Росгвардейцы или, как они сами себя называют – путинские войска в синей или зеленой пиксельной форме, возвращаются из Подмосковья. Служба непростая – муштруют крепко, иной раз не спят по несколько суток, казармы переполнены, на всю роту два утюга, погладить вещи не успевают. А зарплата,
если оставаться на контракт, даже для Москвы низкая. Но, наконец-то, «закончился этот п....»:

– Я в 30 километрах от Красноярска живу. Наверное, в ППС пойду, там хоть какая-то стабильность. И потом вышку получать – хочу в уголовный розыск, – гордо и смущенно делится широкоплечий дембель.

Одобрительно киваю. Дембель прощается, ныряет перекурить в сортир.

Утром в Ачинске теряем первого бойца из нашего вагона. Встретили его очень мило (это по оценке школьниц). Родственники, папы, мамы, подруга, подруга подруги, которая, кажется, обрадовалась больше всех – пляски, крики, слезы, поцелуи взасос, фотографии на крутой фотоаппарат со здоровенной зачем-то вспышкой, поцелуи крепкие материнские, видео на видеокамеру и, конечно же, воздушные шары, куда же без них. 

– Задолбал этот поезд вонючий. Ещё обратно два дня, блин, ехать!

Это десятиклассница-баскетболистка проснулась, спрыгивает с верхней полки – вначале ворчливая, а потом разговорчивая и весёлая. Даже бойкая. Умылась, возвращается с эмоциями наперевес, косы в разные стороны, волосы чуть топорщатся раздолбайски:

– Представляешь, – шепчет подруге – это она про вахтера. – Там дяденька пришел, встал в очередь и передо мной залез. Без футбо-о-лки, в подштанниках одних, трусы торчат.

Баскетболистка из далёкого (для меня) Нефтеюганска в ХМАО. Был ли я в Нефтеюганске? «Не был», – говорю, – «И нечего там делать», – отвечает она. 

Их с 1 сентября уже учат сдавать тесты – полгода ЕГЭ, ЕГЭ, ЕГЭ. И это пока десятый класс. 
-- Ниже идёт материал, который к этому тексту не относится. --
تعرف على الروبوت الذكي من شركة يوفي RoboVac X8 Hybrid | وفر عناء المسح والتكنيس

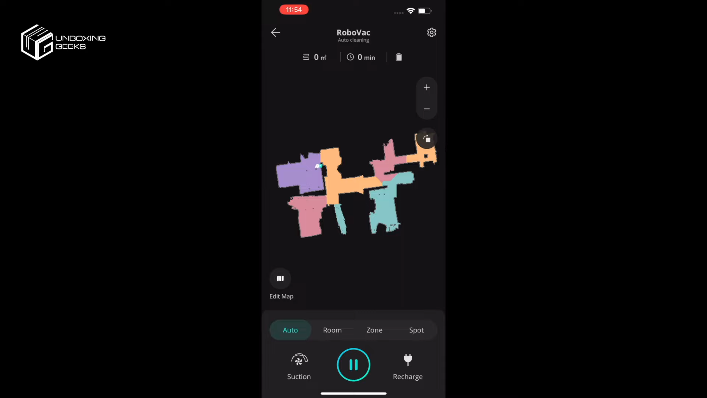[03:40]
تحمل التطبيق الخاص بشركة يوفي وتعمل مسحة ليزرية لكل الغرف في المنزل وهذا
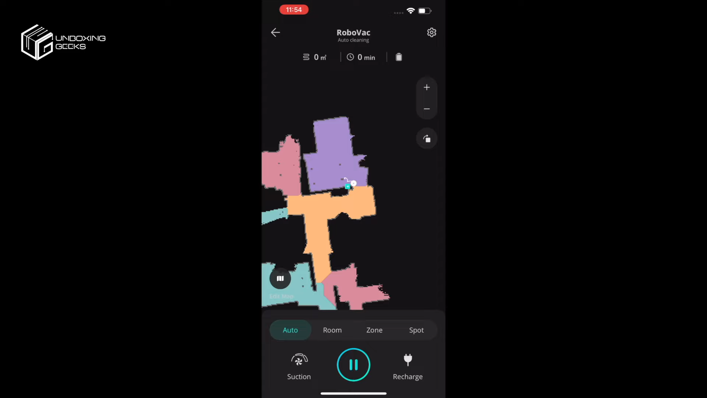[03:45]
الإشي بيخلي المكنسة تتعرف على بيتك بشكل مراسب وتحفظ هيكلة البيت وبصراحة من
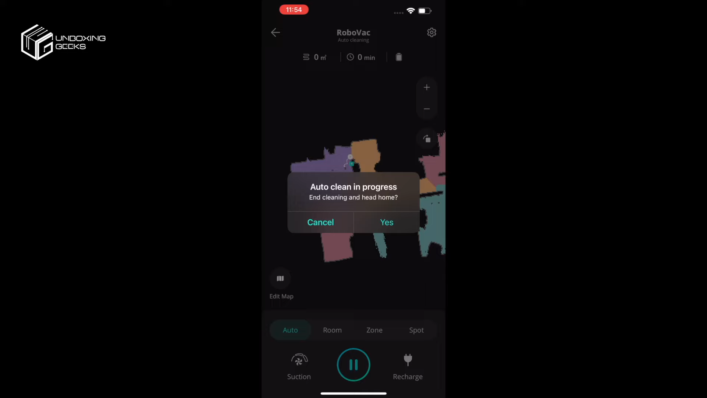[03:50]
الأمور اللي اتفاجأت فيها أنه أول ما شغلت المكنسة وحكيت لها ترجع على قاعدة الشحن عرفت لحالة
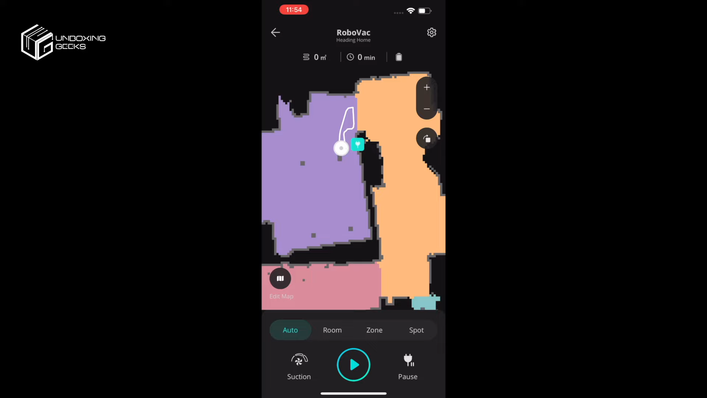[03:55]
وهذا إشي بصراحة بخليك تفكر لوين هالتقنيات راح توصل في المستقبل القريب المكنسة فيها
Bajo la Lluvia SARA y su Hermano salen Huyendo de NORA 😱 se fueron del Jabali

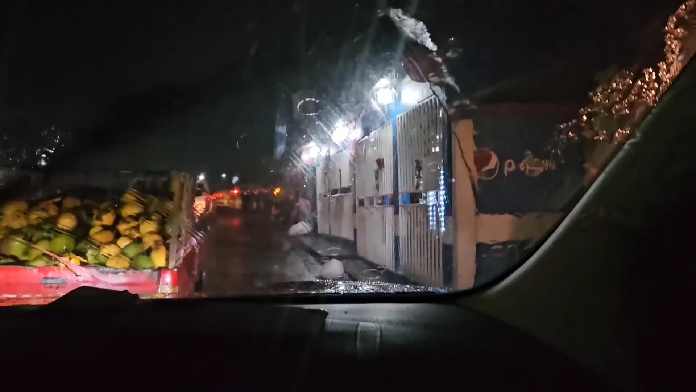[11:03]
Bueno, entonces amigos, como ustedes vieron, pues ahí la Sara ya va de camino otra vez, y ahorita sí, bajo los aguaceros, ya la aventaba un tráiler, yo creo que lo grabé. Si no, le grito: Sara, no seas a un lado.
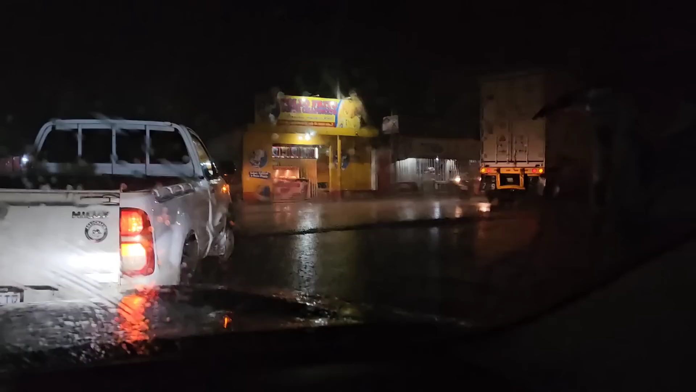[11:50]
Esta es una de las rutas más conocidas por todos los guatemaltecos. Allá están esos cabrones, ¿eh?
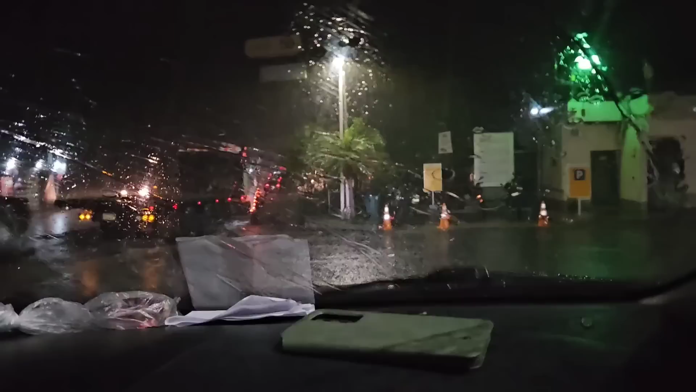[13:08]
¿Por qué? Porque me gustó cómo la Sara caminaba debajo del agua. Y le iba a pasar ya mero un carrito pequeño. No de esos, ¿ve?
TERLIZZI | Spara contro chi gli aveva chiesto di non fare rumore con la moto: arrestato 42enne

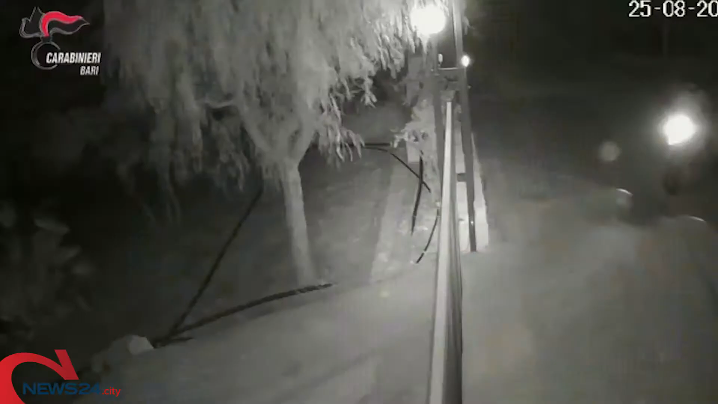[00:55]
immagini a documentare l'episodio di violenza il 42enne poco dopo è tornato nel locale ha esplosso un colpo di pistola contro il bancone dove aveva
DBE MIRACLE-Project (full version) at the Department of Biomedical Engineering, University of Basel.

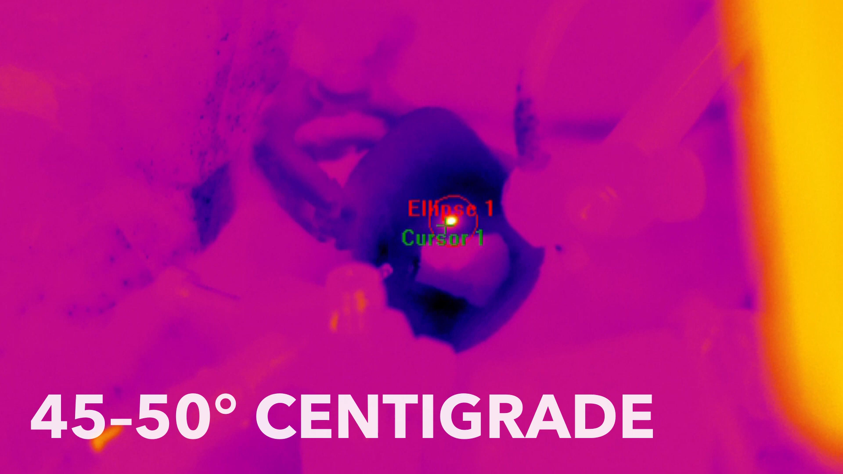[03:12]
This is why the bone and the natural material is still intact.
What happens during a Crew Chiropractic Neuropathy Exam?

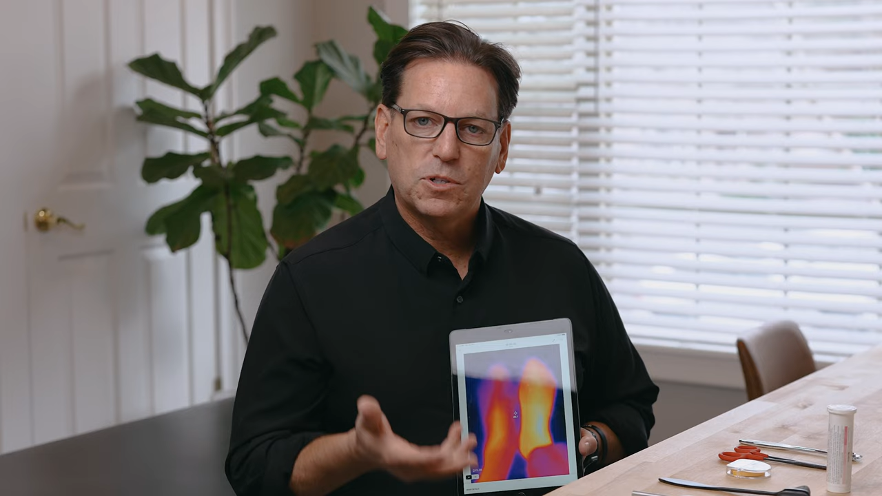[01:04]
And what the beautiful part about this is, is that this allows us to see temperature and temperature typically is going to relate to blood supply. So the brighter the color, the more blood flow, the darker the color, the less blood flow. So you can see with one of our patients here in this part of her foot, she's got pretty good, adequate blood supply,
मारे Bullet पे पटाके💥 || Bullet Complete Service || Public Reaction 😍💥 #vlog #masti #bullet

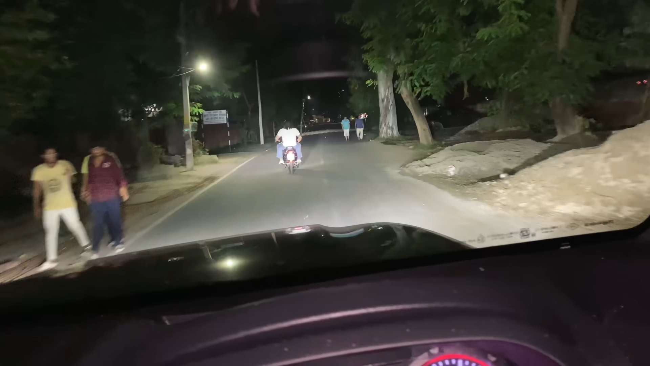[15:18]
चलावा गाड़ी अरे मैं गियर लाऊं था देखो भाई साहिल चल रहे आगे आगे और विशांत चल रहे पीछे देख लो भाई पूरा
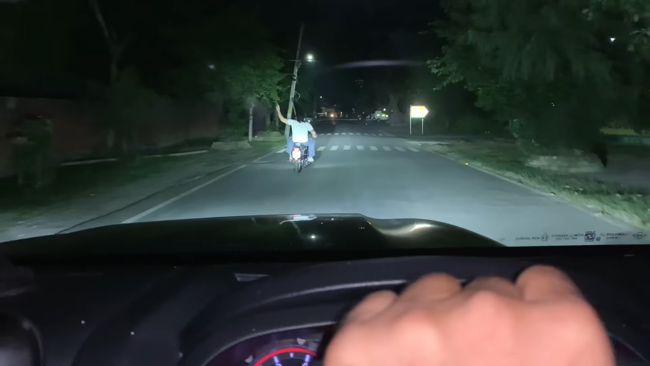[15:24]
लड़का
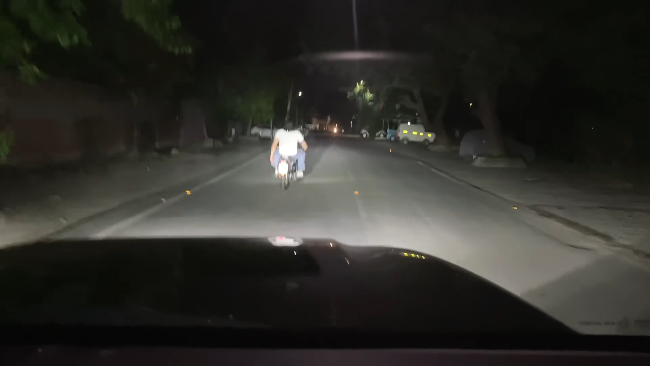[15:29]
है तो भाई छोरा लग गया तो बुलटे सुतरा है क्यों पूड़ी बुलट देख वहां साहिल तो पहुंच मिल गया किस पग अगला पग गया
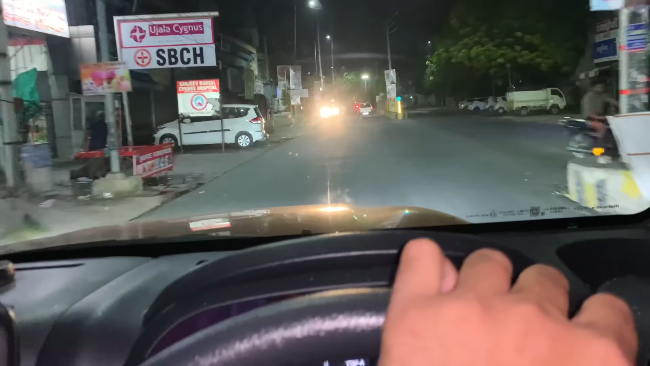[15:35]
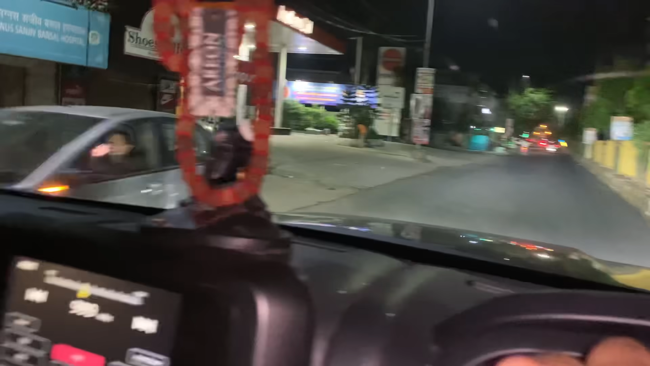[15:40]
अच्छा अगला गया भाई वो तो थर्ड है पुल पर साहिल रह गया पीछे मेरा की थी रह लिया भाई
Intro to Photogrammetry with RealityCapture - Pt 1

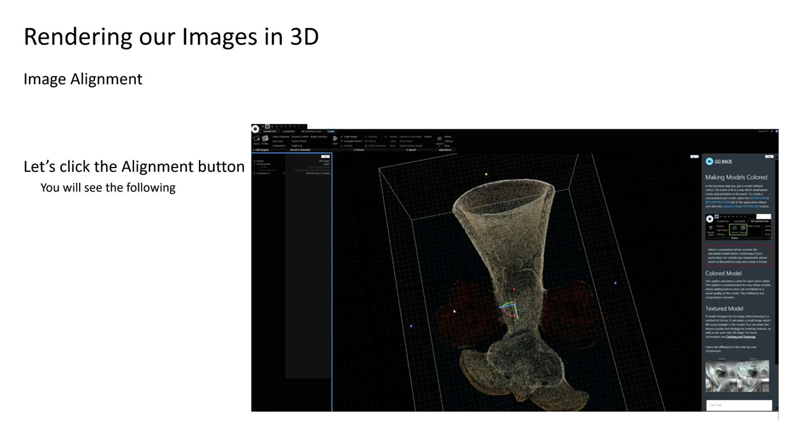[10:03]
Once the alignment process is completed, we will have a sparse point cloud of the object ready for reconstruction. Let us open the software now and go through these steps so you can see them applied in practice and I can show you a few extra details.
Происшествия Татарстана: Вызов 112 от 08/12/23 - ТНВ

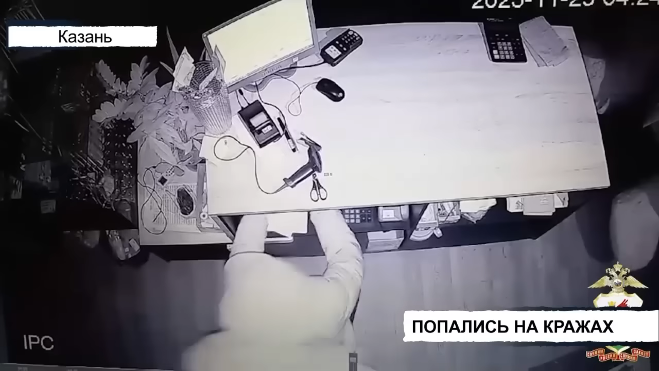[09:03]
Вот один из таких моментов ребята выносят из торгового павильона плюшевых медведей.
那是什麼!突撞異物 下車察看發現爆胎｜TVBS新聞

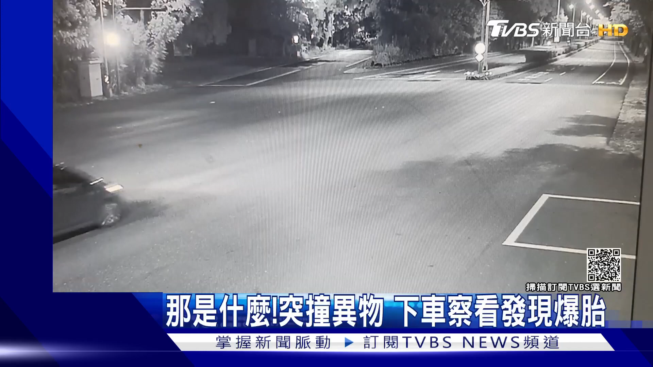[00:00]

Десятиклассница думает, куда пойти учиться. Нравится спорт, но в тренеры неохота. Шутит – либо в «Дом 2», либо в армию. Журналистика – тоже не то. Она потом долго удивляется, на кой черт я 6 (шесть!) дней еду в поезде?

– Ты бы поехала 6 дней в поезде? – троллит она то ли меня, то ли подругу.
– Нет, – отвечает подруга. – Я что, дура? 

Девчонки смущенно хихикают, косятся извиняюще.

– Не пойму, – говорит баскетболистка в конце, – зачем взрослеть в 16 лет?

Школьницы вышли в Красноярске и забрали с собой жизнерадостность и бурлящую эмоциями, смехом молодость. Сошла и половина солдат с их бесконечными и простыми, как слово «млин», матюгами и карточными фокусами.

На красноярской платформе крепкий такой мороз. Даю краба вахтовикам. Мужики едут на Юрубчено-Тахомское месторождение. Женя из Красноярска и Казихан из Дагестана, который живет в Радужном, взвалив здоровенные тюки на спину и сигареты в губы, тоже уходят. На север.